"La vita è un viaggio e viaggiare è vivere due volte"
Omar Khayyam

giovedì 15 marzo 2012

Ode ai pastori



Dedicato a chi pensa molto-troppo

"Si ode spesso taluni asserire di avere in mente molti e importanti pensieri, ma di non riuscire a esprimerli. In verità, se li avessero davvero, li avrebbero coniati in tante belle parole sonanti, e perciò espressi. Se, nell’atto di esprimerli, quei pensieri sembrano dileguarsi o si riducono scarsi e poveri, gli è che o non esistevano o erano soltanto scarsi e poveri” (Benedetto Croce)

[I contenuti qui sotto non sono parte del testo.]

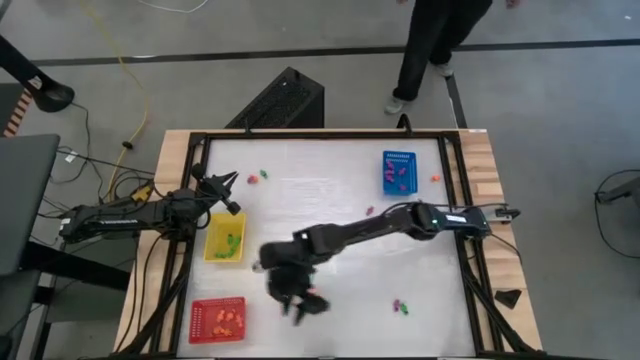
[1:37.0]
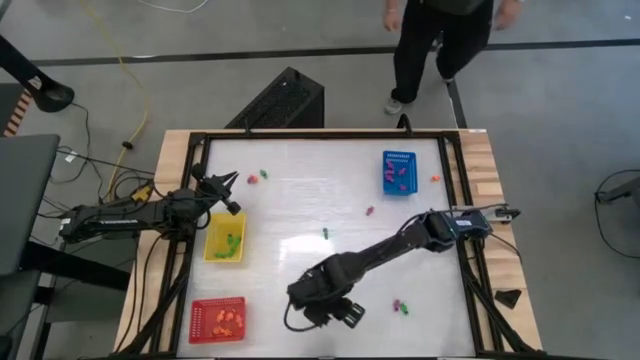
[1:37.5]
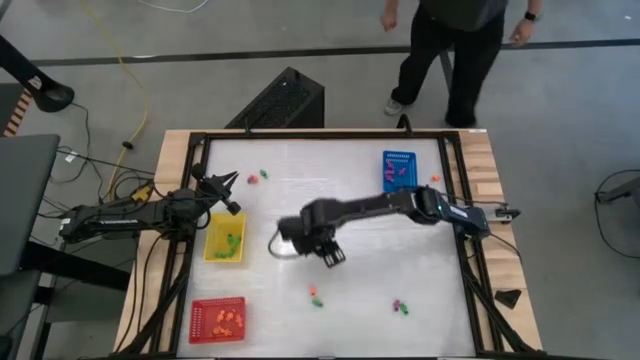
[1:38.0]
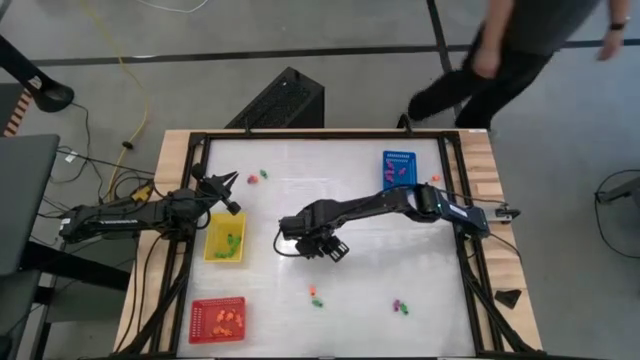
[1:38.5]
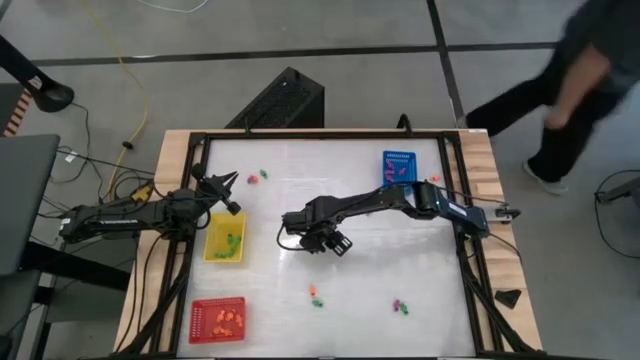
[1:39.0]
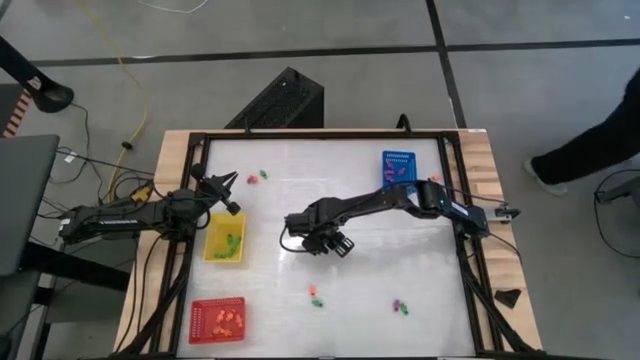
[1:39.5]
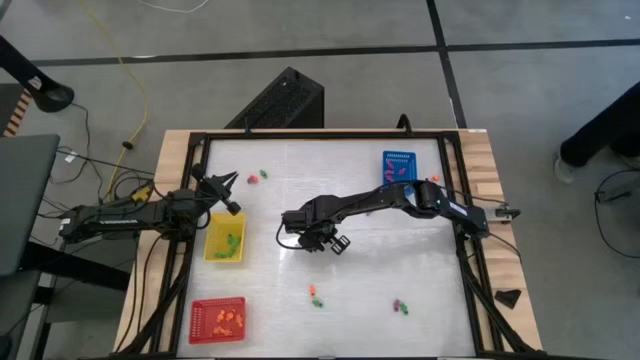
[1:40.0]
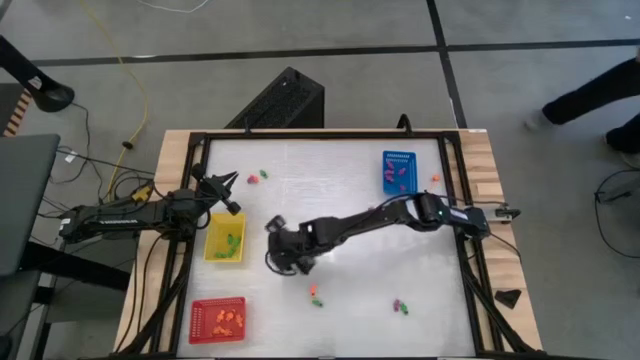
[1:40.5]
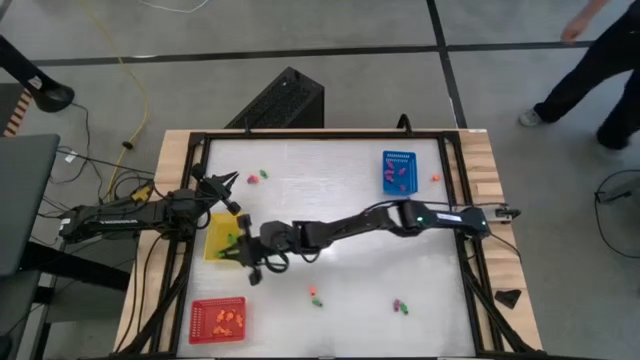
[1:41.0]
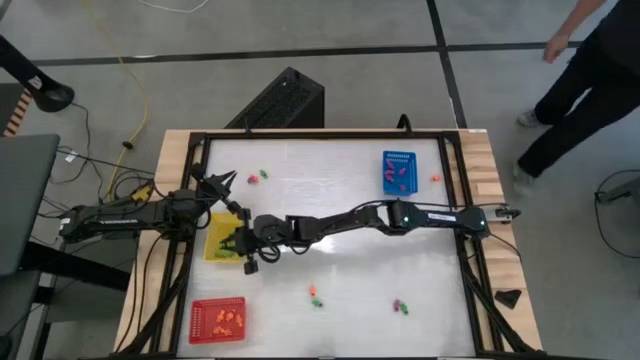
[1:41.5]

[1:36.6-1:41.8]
Put the green skeleton toy into the yellow bin

Oggi ho visto una donna. Stava accovacciata su una pietra a cavallo tra prati ed asfalto.

L'ho guardata bene, perchè l'autobus andava pianissimo giacchè la strada non poteva essere propriamente chiamata tale e, si sa, il riguardo per gli ammortizzatori è un investimento sul futuro.

Aveva un fazzoletto in testa, il gilè moda-turca-over40 in lana cotta, un filo d'erba tra i denti e i pantaloni alla turca come i miei, solo che io li ho comprati in Salento e li indosso per casa e al mare, lei invece ci pascolava le capre.

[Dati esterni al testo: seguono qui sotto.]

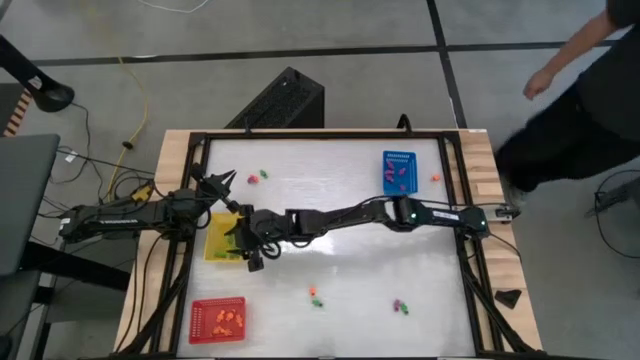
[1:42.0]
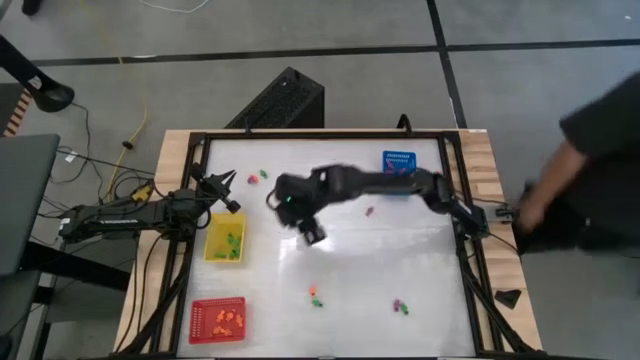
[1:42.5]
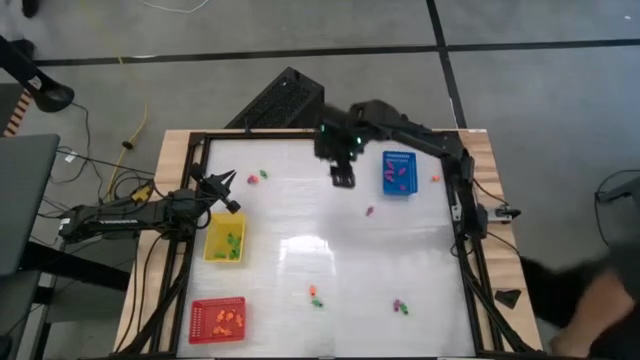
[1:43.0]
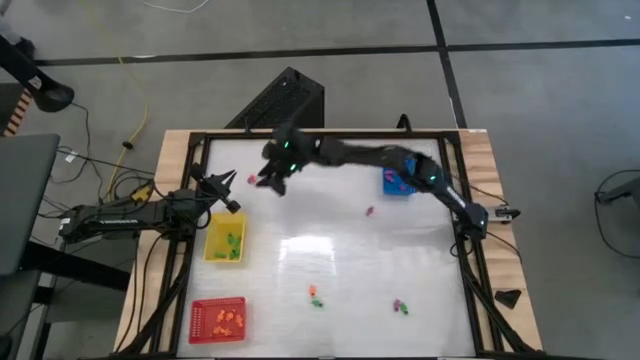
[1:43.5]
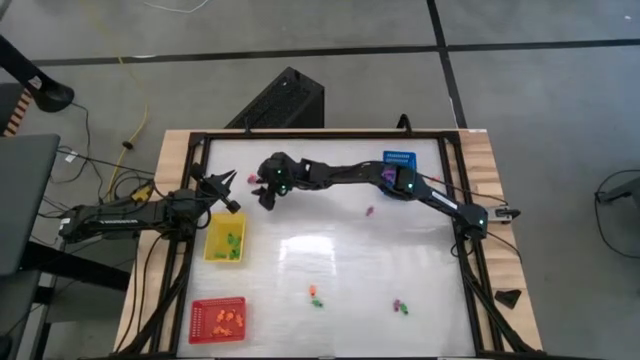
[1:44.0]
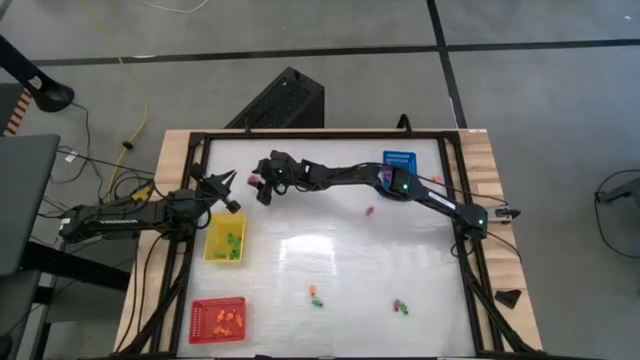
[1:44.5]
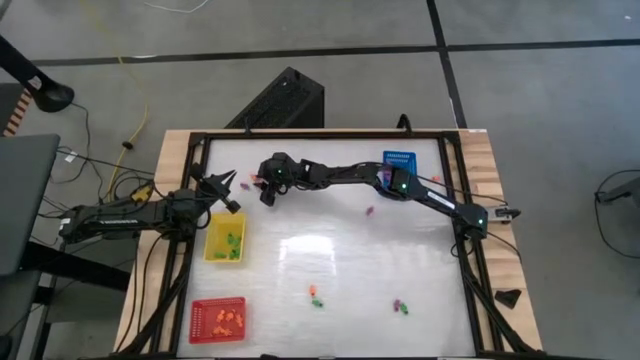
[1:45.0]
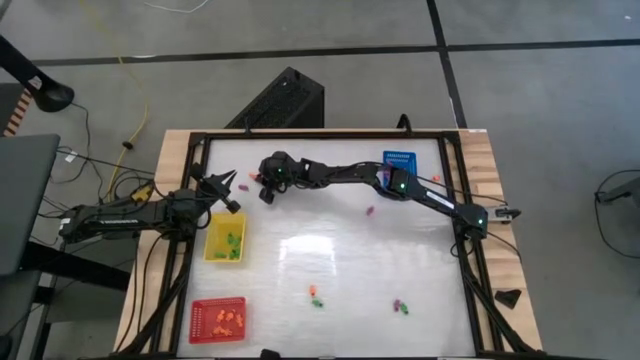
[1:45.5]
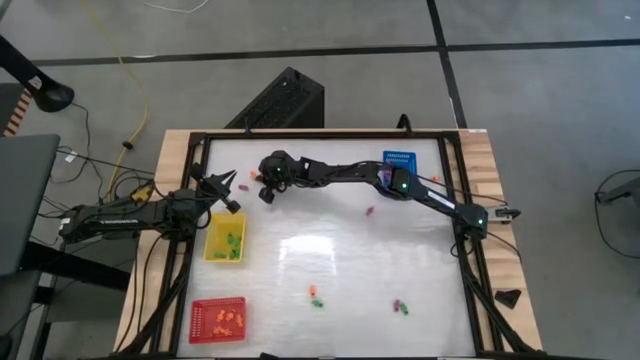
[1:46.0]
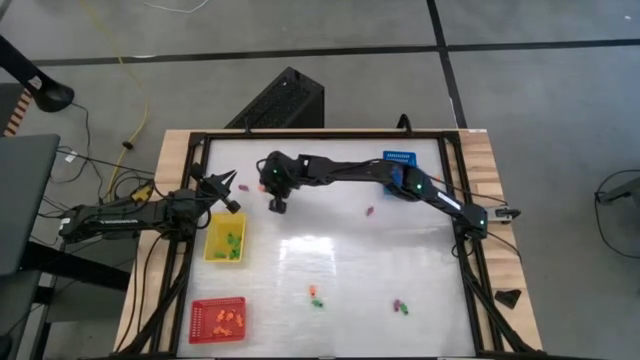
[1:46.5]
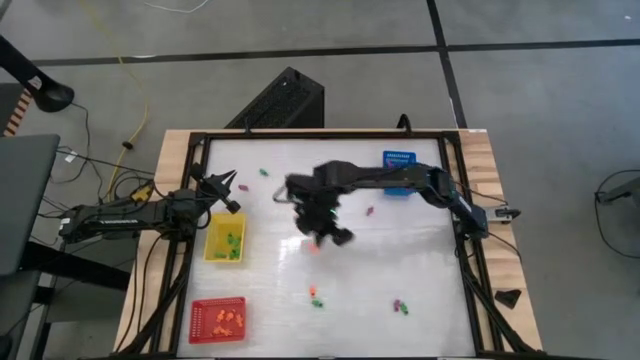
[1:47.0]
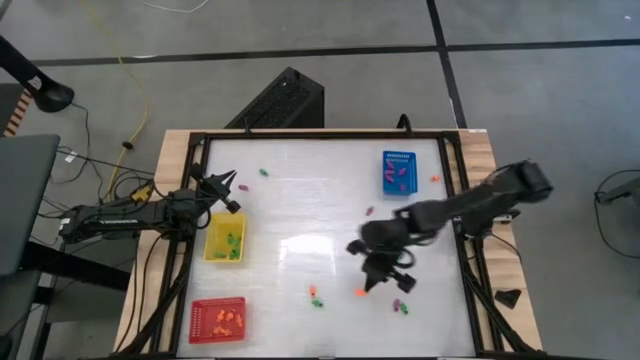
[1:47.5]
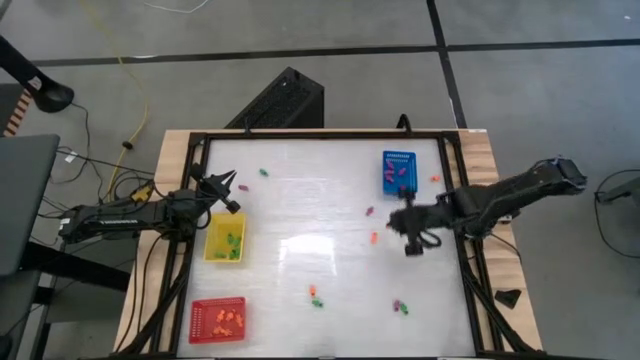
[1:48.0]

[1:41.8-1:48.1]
Put the orange skeleton toy into the red bin

Due per la precisione, che mi hanno guardata con la faccia un pò scema, come tutte le capre.

Io le ho salutate (le capre), perchè si dice che se fai così ti arriveranno dei soldi e di 'sti tempi non si sa mai.

Dopo il saluto mi sono persa in una vagonata di pensieri che non potrei riportare fedelmente per l'ammontare indicibile di fesserie la cui punta d'iceberg supera di sicuro la soglia di saturazione dei miei ricordi.

Pensieri su una signorina che stava lì, alle 8 del mattino, a guardare le sue pecore, placida, esattamente come le avevo guardate io.

La differenza sta nel fatto che io ero lì perchè stanotte ho dormito 4 ore e, dopo essermi versata addosso di buon mattino 3 volte di fila il caffèlatte, sono andata a prendere l'autobus sbagliato che invece di portarmi all'ospedale universitario ha deviato verso l'aperta campagna;
lei stava lì perchè probabilmente ci sta tutti i giorni, senza nessun caffèlatte pianto e versato e svegliarsi alle sei forse non le pesa.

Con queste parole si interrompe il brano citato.